If you use authentication in your NestJS app, our JWT authentication with refresh tokens guide shows how to attach user and plan data to every request — which you need for Strategies 3 and 4. The NestJS project structure guide explains how we organise guards and middleware in production modules.
Conclusion
The API that survived 50,000 requests in 12 minutes did not survive because the code was clever. It survived because we added rate limiting after the first outage, and every release since has been behind a throttle that prevents one bad integration from taking down the whole system.
The four NestJS API rate limiting strategies here are not mutually exclusive. Start with in-memory for your MVP. Add Redis when you scale past one server. Build per-user tracking when you add authentication. Graduate to plan-based limits when you have enough customers that the API pricing conversation becomes a boardroom topic.

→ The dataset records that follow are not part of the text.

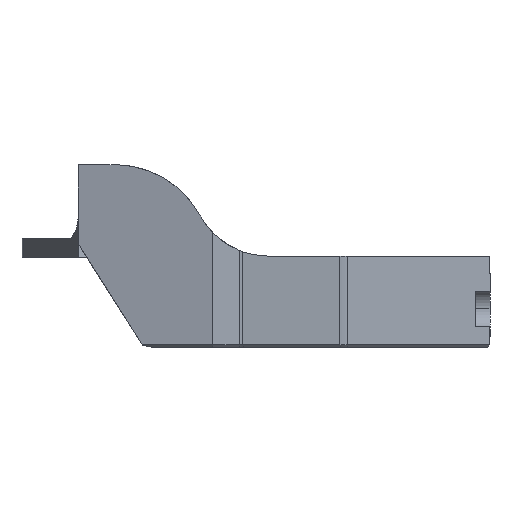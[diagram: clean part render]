
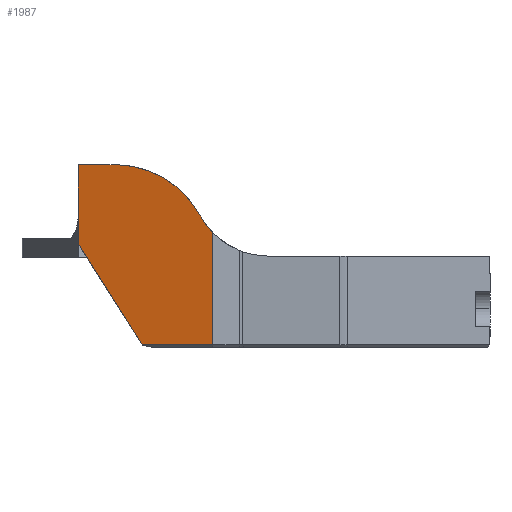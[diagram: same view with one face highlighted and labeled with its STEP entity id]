
A CAD part, left-side view. The second image highlights one B-rep face of the part: STEP entity #1987.
In plain terms, the highlighted planar face has unit normal (-0.966, 0.259, 0).
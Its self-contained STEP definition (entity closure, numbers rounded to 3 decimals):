
#108 = CARTESIAN_POINT ( 'NONE',  ( -19.471, 59.784, 26.456 ) ) ;
#178 = EDGE_CURVE ( 'NONE', #5948, #3738, #3233, .T. ) ;
#263 = VECTOR ( 'NONE', #2146, 1000. ) ;
#304 = LINE ( 'NONE', #1582, #2760 ) ;
#314 = VERTEX_POINT ( 'NONE', #2807 ) ;
#397 = EDGE_CURVE ( 'NONE', #4529, #5152, #3327, .T. ) ;
#449 = DIRECTION ( 'NONE',  ( -0.259, -0.966, 0. ) ) ;
#484 = DIRECTION ( 'NONE',  ( -0.259, -0.966, 0. ) ) ;
#530 = ORIENTED_EDGE ( 'NONE', *, *, #178, .F. ) ;
#629 = EDGE_CURVE ( 'NONE', #4529, #889, #5683, .T. ) ;
#661 = ORIENTED_EDGE ( 'NONE', *, *, #3807, .T. ) ;
#666 = EDGE_LOOP ( 'NONE', ( #530, #661, #2997, #2985, #4225, #4585, #965, #5745 ) ) ;
#686 = DIRECTION ( 'NONE',  ( 0., 0., 1. ) ) ;
#889 = VERTEX_POINT ( 'NONE', #5328 ) ;
#965 = ORIENTED_EDGE ( 'NONE', *, *, #4992, .F. ) ;
#1048 = PLANE ( 'NONE',  #1943 ) ;
#1074 = CARTESIAN_POINT ( 'NONE',  ( -19.471, 59.784, 26.456 ) ) ;
#1225 = EDGE_CURVE ( 'NONE', #314, #5152, #5100, .T. ) ;
#1466 = VECTOR ( 'NONE', #3873, 1000. ) ;
#1582 = CARTESIAN_POINT ( 'NONE',  ( -12.5, 85.8, 19. ) ) ;
#1760 = CARTESIAN_POINT ( 'NONE',  ( -16.444, 71.081, 38. ) ) ;
#1796 = VERTEX_POINT ( 'NONE', #3022 ) ;
#1884 = LINE ( 'NONE', #3687, #4426 ) ;
#1943 = AXIS2_PLACEMENT_3D ( 'NONE', #3840, #4243, #5669 ) ;
#1952 = FACE_OUTER_BOUND ( 'NONE', #666, .T. ) ;
#1972 = CARTESIAN_POINT ( 'NONE',  ( -20., 57.81, 23.931 ) ) ;
#1987 = ADVANCED_FACE ( 'NONE', ( #1952 ), #1048, .F. ) ;
#2146 = DIRECTION ( 'NONE',  ( 0.142, 0.529, 0.837 ) ) ;
#2331 = CARTESIAN_POINT ( 'NONE',  ( -12.5, 85.8, 38. ) ) ;
#2349 = CARTESIAN_POINT ( 'NONE',  ( -18.091, 64.936, 34.613 ) ) ;
#2760 = VECTOR ( 'NONE', #686, 1000. ) ;
#2807 = CARTESIAN_POINT ( 'NONE',  ( -20., 57.81, 23.931 ) ) ;
#2870 = CARTESIAN_POINT ( 'NONE',  ( -20.513, 55.894, 20.297 ) ) ;
#2878 = CARTESIAN_POINT ( 'NONE',  ( -16.071, 72.474, 0.5 ) ) ;
#2955 = LINE ( 'NONE', #4362, #1466 ) ;
#2985 = ORIENTED_EDGE ( 'NONE', *, *, #1225, .T. ) ;
#2997 = ORIENTED_EDGE ( 'NONE', *, *, #3205, .F. ) ;
#3022 = CARTESIAN_POINT ( 'NONE',  ( -20., 57.81, 0.5 ) ) ;
#3132 = CARTESIAN_POINT ( 'NONE',  ( -19.095, 61.189, 28.68 ) ) ;
#3205 = EDGE_CURVE ( 'NONE', #314, #1796, #2955, .T. ) ;
#3233 = LINE ( 'NONE', #4642, #263 ) ;
#3327 = LINE ( 'NONE', #2870, #3806 ) ;
#3442 = DIRECTION ( 'NONE',  ( -0.142, -0.529, -0.837 ) ) ;
#3616 = VECTOR ( 'NONE', #449, 1000. ) ;
#3687 = CARTESIAN_POINT ( 'NONE',  ( -33.113, 8.873, 38. ) ) ;
#3716 = LINE ( 'NONE', #4631, #3616 ) ;
#3738 = VERTEX_POINT ( 'NONE', #4669 ) ;
#3806 = VECTOR ( 'NONE', #3442, 1000. ) ;
#3807 = EDGE_CURVE ( 'NONE', #5948, #1796, #3716, .T. ) ;
#3830 = CARTESIAN_POINT ( 'NONE',  ( -19.624, 59.212, 25.55 ) ) ;
#3840 = CARTESIAN_POINT ( 'NONE',  ( -20., 57.81, 19. ) ) ;
#3873 = DIRECTION ( 'NONE',  ( 0., 0., -1. ) ) ;
#4199 = CARTESIAN_POINT ( 'NONE',  ( -19.801, 58.551, 24.705 ) ) ;
#4225 = ORIENTED_EDGE ( 'NONE', *, *, #397, .F. ) ;
#4243 = DIRECTION ( 'NONE',  ( 0.966, -0.259, 0. ) ) ;
#4362 = CARTESIAN_POINT ( 'NONE',  ( -20., 57.81, 19. ) ) ;
#4426 = VECTOR ( 'NONE', #484, 1000. ) ;
#4529 = VERTEX_POINT ( 'NONE', #5777 ) ;
#4585 = ORIENTED_EDGE ( 'NONE', *, *, #629, .T. ) ;
#4603 = CARTESIAN_POINT ( 'NONE',  ( -14.564, 78.098, 38. ) ) ;
#4631 = CARTESIAN_POINT ( 'NONE',  ( -20., 57.81, 0.5 ) ) ;
#4642 = CARTESIAN_POINT ( 'NONE',  ( -15.054, 76.267, 6.506 ) ) ;
#4669 = CARTESIAN_POINT ( 'NONE',  ( -12.5, 85.8, 21.6 ) ) ;
#4992 = EDGE_CURVE ( 'NONE', #5831, #889, #1884, .T. ) ;
#5100 =( BOUNDED_CURVE ( )  B_SPLINE_CURVE ( 3, ( #1972, #4199, #3830, #108 ),
 .UNSPECIFIED., .F., .T. ) 
 B_SPLINE_CURVE_WITH_KNOTS ( ( 4, 4 ),
 ( 2.378, 2.578 ),
 .UNSPECIFIED. ) 
 CURVE ( )  GEOMETRIC_REPRESENTATION_ITEM ( )  RATIONAL_B_SPLINE_CURVE ( ( 1., 0.997, 0.997, 1. ) ) 
 REPRESENTATION_ITEM ( '' )  );
#5152 = VERTEX_POINT ( 'NONE', #1074 ) ;
#5328 = CARTESIAN_POINT ( 'NONE',  ( -14.564, 78.098, 38. ) ) ;
#5669 = DIRECTION ( 'NONE',  ( 0., 0., -1. ) ) ;
#5683 =( BOUNDED_CURVE ( )  B_SPLINE_CURVE ( 3, ( #3132, #2349, #1760, #4603 ),
 .UNSPECIFIED., .F., .T. ) 
 B_SPLINE_CURVE_WITH_KNOTS ( ( 4, 4 ),
 ( 0.563, 1.571 ),
 .UNSPECIFIED. ) 
 CURVE ( )  GEOMETRIC_REPRESENTATION_ITEM ( )  RATIONAL_B_SPLINE_CURVE ( ( 1., 0.917, 0.917, 1. ) ) 
 REPRESENTATION_ITEM ( '' )  );
#5745 = ORIENTED_EDGE ( 'NONE', *, *, #6056, .F. ) ;
#5777 = CARTESIAN_POINT ( 'NONE',  ( -19.095, 61.189, 28.68 ) ) ;
#5831 = VERTEX_POINT ( 'NONE', #2331 ) ;
#5948 = VERTEX_POINT ( 'NONE', #2878 ) ;
#6056 = EDGE_CURVE ( 'NONE', #3738, #5831, #304, .T. ) ;
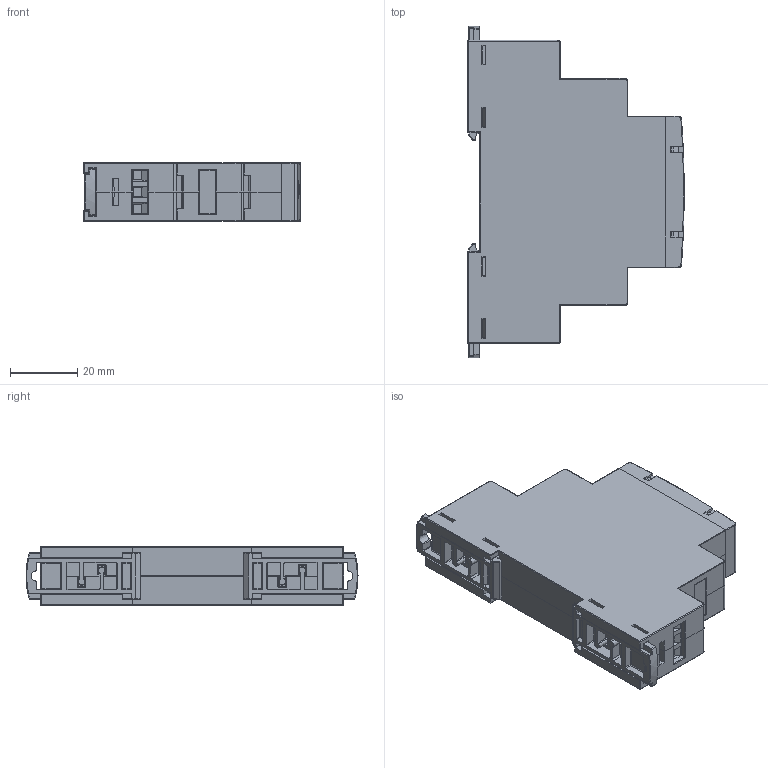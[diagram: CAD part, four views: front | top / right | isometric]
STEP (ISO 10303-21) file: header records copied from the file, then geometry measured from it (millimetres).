
FILE_DESCRIPTION (( 'STEP AP214' ), '1' );
FILE_NAME ('RPN-1A8-A230.STEP', '2018-02-01T10:02:22', ( '' ), ( '' ), 'SwSTEP 2.0', 'SolidWorks 2018', '' );
FILE_SCHEMA (( 'AUTOMOTIVE_DESIGN' ));
Length unit declared in the file: millimetre
Products named in the file (1): RPN-1A8-A230
Bounding box: 64.24 x 98.6 x 17.5 mm (x, y, z)
Volume: 24794.9 mm3; surface area: 39439.5 mm2
Topology: 13 solids, 15 shells, 2296 faces, 6016 edges, 3857 vertices
Faces by surface type: plane 1354, cylinder 549, bspline 208, torus 88, cone 53, sphere 44
Entity records: 105499 total; most frequent: CARTESIAN_POINT 25522, ORIENTED_EDGE 11992, DIRECTION 10339, EDGE_CURVE 5996, LINE 4111, VECTOR 4111, VERTEX_POINT 3857, AXIS2_PLACEMENT_3D 3114
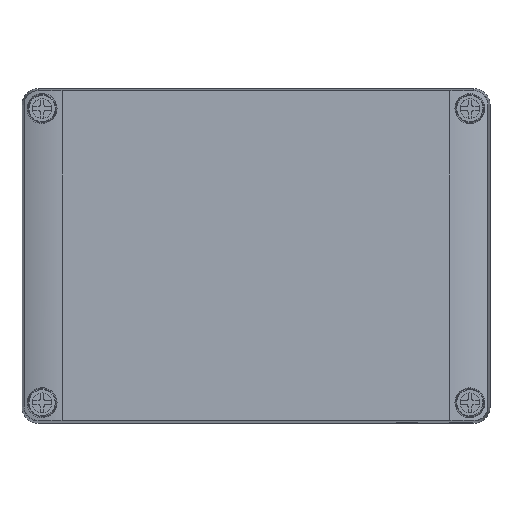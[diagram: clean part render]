
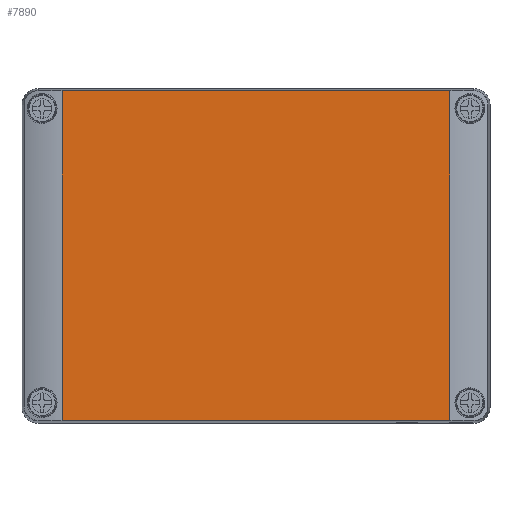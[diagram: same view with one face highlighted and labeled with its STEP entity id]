
A CAD part, top view. The second image highlights one B-rep face of the part: STEP entity #7890.
In plain terms, the highlighted planar face has unit normal (0, 0, 1).
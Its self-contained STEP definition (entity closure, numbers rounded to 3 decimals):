
#7870=AXIS2_PLACEMENT_3D('Plane Axis2P3D',#7867,#7868,#7869) ;
#7382=CARTESIAN_POINT('Vertex',(160.,0.873,100.)) ;
#7387=CARTESIAN_POINT('Line Origine',(87.5,0.873,100.)) ;
#7391=CARTESIAN_POINT('Vertex',(15.,0.873,100.)) ;
#7670=CARTESIAN_POINT('Vertex',(160.,124.127,100.)) ;
#7675=CARTESIAN_POINT('Line Origine',(160.,0.,100.)) ;
#7867=CARTESIAN_POINT('Axis2P3D Location',(15.,0.,100.)) ;
#7872=CARTESIAN_POINT('Line Origine',(87.5,124.127,100.)) ;
#7876=CARTESIAN_POINT('Vertex',(15.,124.127,100.)) ;
#7879=CARTESIAN_POINT('Line Origine',(15.,62.5,100.)) ;
#7388=DIRECTION('Vector Direction',(1.,0.,0.)) ;
#7676=DIRECTION('Vector Direction',(0.,1.,0.)) ;
#7868=DIRECTION('Axis2P3D Direction',(0.,0.,1.)) ;
#7869=DIRECTION('Axis2P3D XDirection',(1.,0.,0.)) ;
#7873=DIRECTION('Vector Direction',(1.,0.,0.)) ;
#7880=DIRECTION('Vector Direction',(0.,1.,0.)) ;
#7389=VECTOR('Line Direction',#7388,1.) ;
#7677=VECTOR('Line Direction',#7676,1.) ;
#7874=VECTOR('Line Direction',#7873,1.) ;
#7881=VECTOR('Line Direction',#7880,1.) ;
#7885=ORIENTED_EDGE('',*,*,#7679,.T.) ;
#7886=ORIENTED_EDGE('',*,*,#7878,.F.) ;
#7887=ORIENTED_EDGE('',*,*,#7883,.F.) ;
#7888=ORIENTED_EDGE('',*,*,#7393,.T.) ;
#7890=ADVANCED_FACE('DE_MPC_12-17-10\\MANIFOLD_SOLID_BREP #46760',(#7889),#7871,.T.) ;
#7393=EDGE_CURVE('',#7392,#7383,#7390,.T.) ;
#7679=EDGE_CURVE('',#7383,#7671,#7678,.T.) ;
#7878=EDGE_CURVE('',#7877,#7671,#7875,.T.) ;
#7883=EDGE_CURVE('',#7392,#7877,#7882,.T.) ;
#7884=EDGE_LOOP('',(#7885,#7886,#7887,#7888)) ;
#7889=FACE_OUTER_BOUND('',#7884,.T.) ;
#7390=LINE('Line',#7387,#7389) ;
#7678=LINE('Line',#7675,#7677) ;
#7875=LINE('Line',#7872,#7874) ;
#7882=LINE('Line',#7879,#7881) ;
#7871=PLANE('',#7870) ;
#7383=VERTEX_POINT('',#7382) ;
#7392=VERTEX_POINT('',#7391) ;
#7671=VERTEX_POINT('',#7670) ;
#7877=VERTEX_POINT('',#7876) ;

Pick the strategy that matches where your API is today. If you are already past the "50,000 requests in 12 minutes" stage, skip straight to Redis and plan-based limits. That database fall-over was not fun the first time, and you should not have to live through your own version of it. If you would rather get the throttling right before the outage teaches you, we are happy to take a look.
Frequently Asked Questions
API rate limiting in NestJS restricts how many requests a client can make within a given time window. It is implemented using the @nestjs/throttler package with a ThrottlerGuard applied globally or per route. Rate limiting prevents abuse, brute-force attacks, and server resource exhaustion by returning HTTP 429 when limits are exceeded.
Create a custom guard that extends ThrottlerGuard and override the getTracker method to return the authenticated user's ID instead of the request IP. Register this custom guard as APP_GUARD in your module. This ensures rate limits follow the user across devices and networks.
A fixed window resets the request count at the end of each time period (e.g., exactly every 60 seconds), which can cause request bursts at window boundaries. A sliding window evaluates the request count over a rolling time frame (e.g., the last 60 seconds), providing smoother and fairer rate limiting. The @nestjs/throttler package uses a fixed window by default; sliding window requires a Redis-based implementation.
Access the ThrottlerRequest object inside a custom ThrottlerGuard by overriding the handleRequest method. Read the current request count and TTL from the throttler storage service, then set the X-RateLimit-Limit, X-RateLimit-Remaining, and X-RateLimit-Reset headers on the response.
Use a custom ThrottlerGuard that reads the user's subscription tier from the request (set by your auth middleware) and returns a different limit based on the tier. Free tier users get stricter limits (e.g., 10 req/min), premium users get higher limits (e.g., 100 req/min), and enterprise users get custom limits.